SVC(C=1.0, break_ties=False, cache_size=200, class_weight=None, coef0=0.0,
    decision_function_shape='ovr', degree=3, gamma='scale', kernel='rbf',
    max_iter=-1, probability=False, random_state=None, shrinking=True,
    tol=0.001, verbose=False)

In [38]:
l_pred = l_cla.predict(x_test)
k_pred = k_cla.predict(x_test)
d_pred = d_cla.predict(x_test)
r_pred = r_cla.predict(x_test)
s_pred = s_cla.predict(x_test)
ks_pred = ks_cla.predict(x_test)

In [39]:
from sklearn.metrics import confusion_matrix

In [40]:
l_c = confusion_matrix(y_test, l_pred)
k_c = confusion_matrix(y_test, k_pred)
d_c = confusion_matrix(y_test, d_pred)
r_c = confusion_matrix(y_test, r_pred)
s_c = confusion_matrix(y_test, s_pred)
ks_c = confusion_matrix(y_test, ks_pred)

In [41]:
l_c

array([[  0,   3,   6,   1,   0],
       [  0, 104,  32,   0,   0],
       [  0,  52,  71,   6,   0],
       [  0,   3,  26,  10,   0],
       [  0,   0,   3,   3,   0]])

In [42]:
k_c

array([[ 0,  0,  0,  0,  0,  0],
       [ 0,  0,  3,  7,  0,  0],
       [ 1,  2, 88, 42,  3,  0],
       [ 0,  0, 47, 66, 16,  0],
       [ 0,  0, 11, 17, 11,  0],
       [ 0,  0,  0,  3,  3,  0]])

In [43]:
d_c

array([[ 0,  0,  0,  0,  0,  0],
       [ 1,  0,  4,  4,  1,  0],
       [ 1,  5, 98, 30,  2,  0],
       [ 0,  5, 29, 80, 13,  2],
       [ 0,  0,  5, 10, 21,  3],
       [ 0,  0,  1,  3,  1,  1]])

In [44]:
r_c

array([[  0,   0,   0,   0,   0,   0],
       [  1,   0,   4,   5,   0,   0],
       [  0,   0, 111,  24,   1,   0],
       [  0,   0,  36,  85,   8,   0],
       [  0,   0,   1,  20,  18,   0],
       [  0,   0,   0,   3,   2,   1]])

In [45]:
s_c

array([[  0,   4,   6,   0,   0],
       [  0, 107,  29,   0,   0],
       [  0,  55,  74,   0,   0],
       [  0,   3,  36,   0,   0],
       [  0,   0,   6,   0,   0]])

In [46]:
ks_c

array([[  0,   5,   5,   0,   0],
       [  0, 105,  31,   0,   0],
       [  0,  46,  79,   4,   0],
       [  0,   2,  24,  13,   0],
       [  0,   0,   4,   2,   0]])

##Result

In [47]:
from sklearn.metrics import accuracy_score

In [48]:
l_a = accuracy_score(y_test, l_pred)
k_a = accuracy_score(y_test, k_pred)
d_a = accuracy_score(y_test, d_pred)
r_a = accuracy_score(y_test, r_pred)
s_a = accuracy_score(y_test, s_pred)
ks_a = accuracy_score(y_test, ks_pred)

In [49]:
print('Logistic Regression: ' + str(l_a) + '\nKNN: ' + str(k_a) + '\nDecision Tree: ' + str(d_a) + '\nRandom Forest: ' + str(r_a) + '\nLinear SVC: ' + str(s_a) + '\nKernel SVC: ' + str(ks_a))
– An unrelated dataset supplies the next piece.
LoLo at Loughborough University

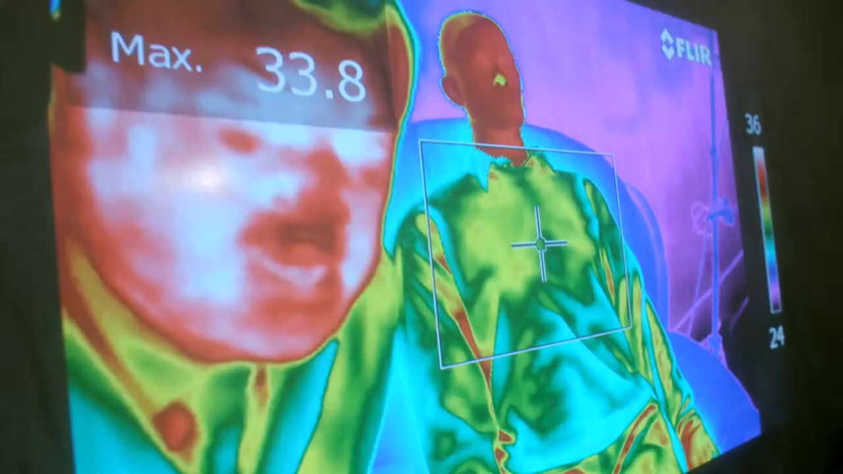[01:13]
We have a thermal imaging camera with a fan as you might have at home.

Logistic Regression: 0.578125
KNN: 0.515625
Decision Tree: 0.625
Random Forest: 0.671875
Linear SVC: 0.565625
Kernel SVC: 0.615625


##Conclusion
Since random forest is giving a better efficiency than compared to others, we are considering the best algorithm for this dataset(using classification) to be random forest.